- Exercise data -
········

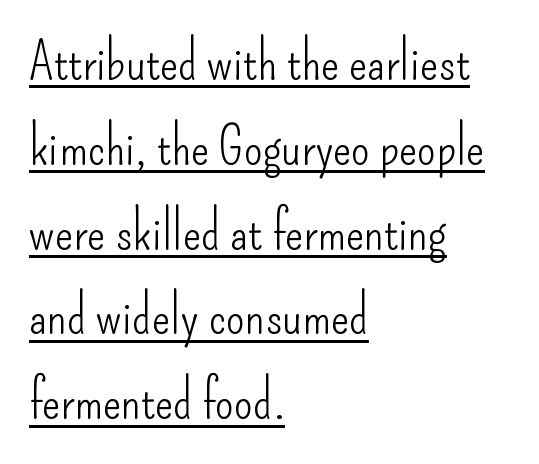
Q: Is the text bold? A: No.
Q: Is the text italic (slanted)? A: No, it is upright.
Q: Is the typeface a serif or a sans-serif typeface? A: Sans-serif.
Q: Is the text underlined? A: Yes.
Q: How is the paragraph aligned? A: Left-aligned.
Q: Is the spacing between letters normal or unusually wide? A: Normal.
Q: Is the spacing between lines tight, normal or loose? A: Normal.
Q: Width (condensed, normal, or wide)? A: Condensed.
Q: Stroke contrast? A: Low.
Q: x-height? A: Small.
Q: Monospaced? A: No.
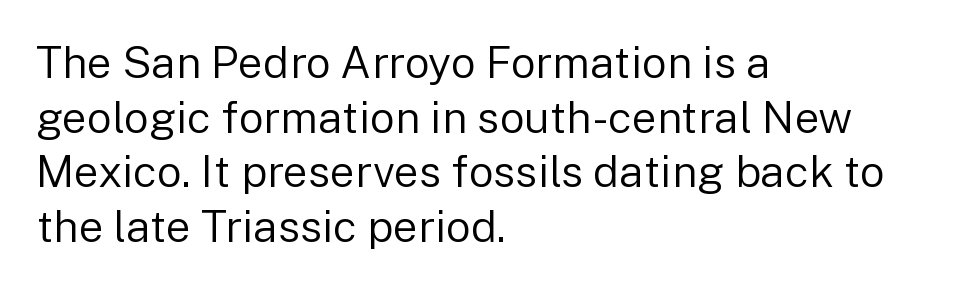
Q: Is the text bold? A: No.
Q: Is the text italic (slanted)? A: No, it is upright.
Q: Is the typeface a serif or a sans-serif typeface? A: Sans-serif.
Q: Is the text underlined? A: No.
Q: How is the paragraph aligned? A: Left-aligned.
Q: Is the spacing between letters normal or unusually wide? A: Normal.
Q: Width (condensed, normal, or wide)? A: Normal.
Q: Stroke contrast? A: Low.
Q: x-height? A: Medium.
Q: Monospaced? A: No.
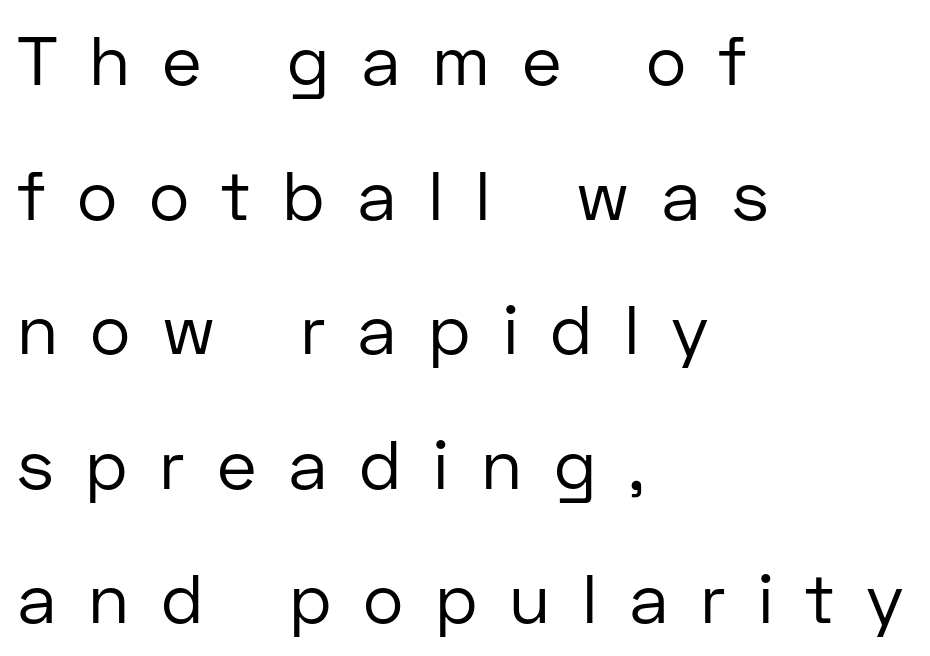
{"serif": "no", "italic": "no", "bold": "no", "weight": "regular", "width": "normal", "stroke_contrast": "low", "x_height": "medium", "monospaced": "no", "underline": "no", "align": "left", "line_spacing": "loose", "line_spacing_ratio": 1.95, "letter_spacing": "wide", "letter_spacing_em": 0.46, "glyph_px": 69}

········

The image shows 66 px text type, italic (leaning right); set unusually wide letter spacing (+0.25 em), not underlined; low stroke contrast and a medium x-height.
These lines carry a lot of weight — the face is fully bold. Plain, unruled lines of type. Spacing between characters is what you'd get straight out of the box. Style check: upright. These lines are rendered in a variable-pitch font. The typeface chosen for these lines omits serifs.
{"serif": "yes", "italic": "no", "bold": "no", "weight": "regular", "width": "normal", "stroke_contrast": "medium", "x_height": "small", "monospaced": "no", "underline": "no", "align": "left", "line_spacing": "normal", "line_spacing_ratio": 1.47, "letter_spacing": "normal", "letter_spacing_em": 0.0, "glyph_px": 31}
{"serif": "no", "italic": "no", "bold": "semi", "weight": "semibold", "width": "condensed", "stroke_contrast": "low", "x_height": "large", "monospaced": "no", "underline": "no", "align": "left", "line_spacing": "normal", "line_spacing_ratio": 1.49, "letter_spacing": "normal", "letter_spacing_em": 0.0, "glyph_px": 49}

········

- What you will do -
Pull out the lines above in which the word "bold" appears.

- Your solution -
Q: Is the text bold? A: No.
Q: Is the text bold? A: No.
{"serif": "no", "italic": "no", "bold": "no", "weight": "regular", "width": "normal", "stroke_contrast": "low", "x_height": "medium", "monospaced": "no", "underline": "no", "align": "left", "line_spacing": "loose", "line_spacing_ratio": 1.95, "letter_spacing": "wide", "letter_spacing_em": 0.46, "glyph_px": 69}
These lines carry a lot of weight — the face is fully bold. Plain, unruled lines of type. Spacing between characters is what you'd get straight out of the box. Style check: upright. These lines are rendered in a variable-pitch font. The typeface chosen for these lines omits serifs.
{"serif": "yes", "italic": "no", "bold": "no", "weight": "regular", "width": "normal", "stroke_contrast": "medium", "x_height": "small", "monospaced": "no", "underline": "no", "align": "left", "line_spacing": "normal", "line_spacing_ratio": 1.47, "letter_spacing": "normal", "letter_spacing_em": 0.0, "glyph_px": 31}
{"serif": "no", "italic": "no", "bold": "semi", "weight": "semibold", "width": "condensed", "stroke_contrast": "low", "x_height": "large", "monospaced": "no", "underline": "no", "align": "left", "line_spacing": "normal", "line_spacing_ratio": 1.49, "letter_spacing": "normal", "letter_spacing_em": 0.0, "glyph_px": 49}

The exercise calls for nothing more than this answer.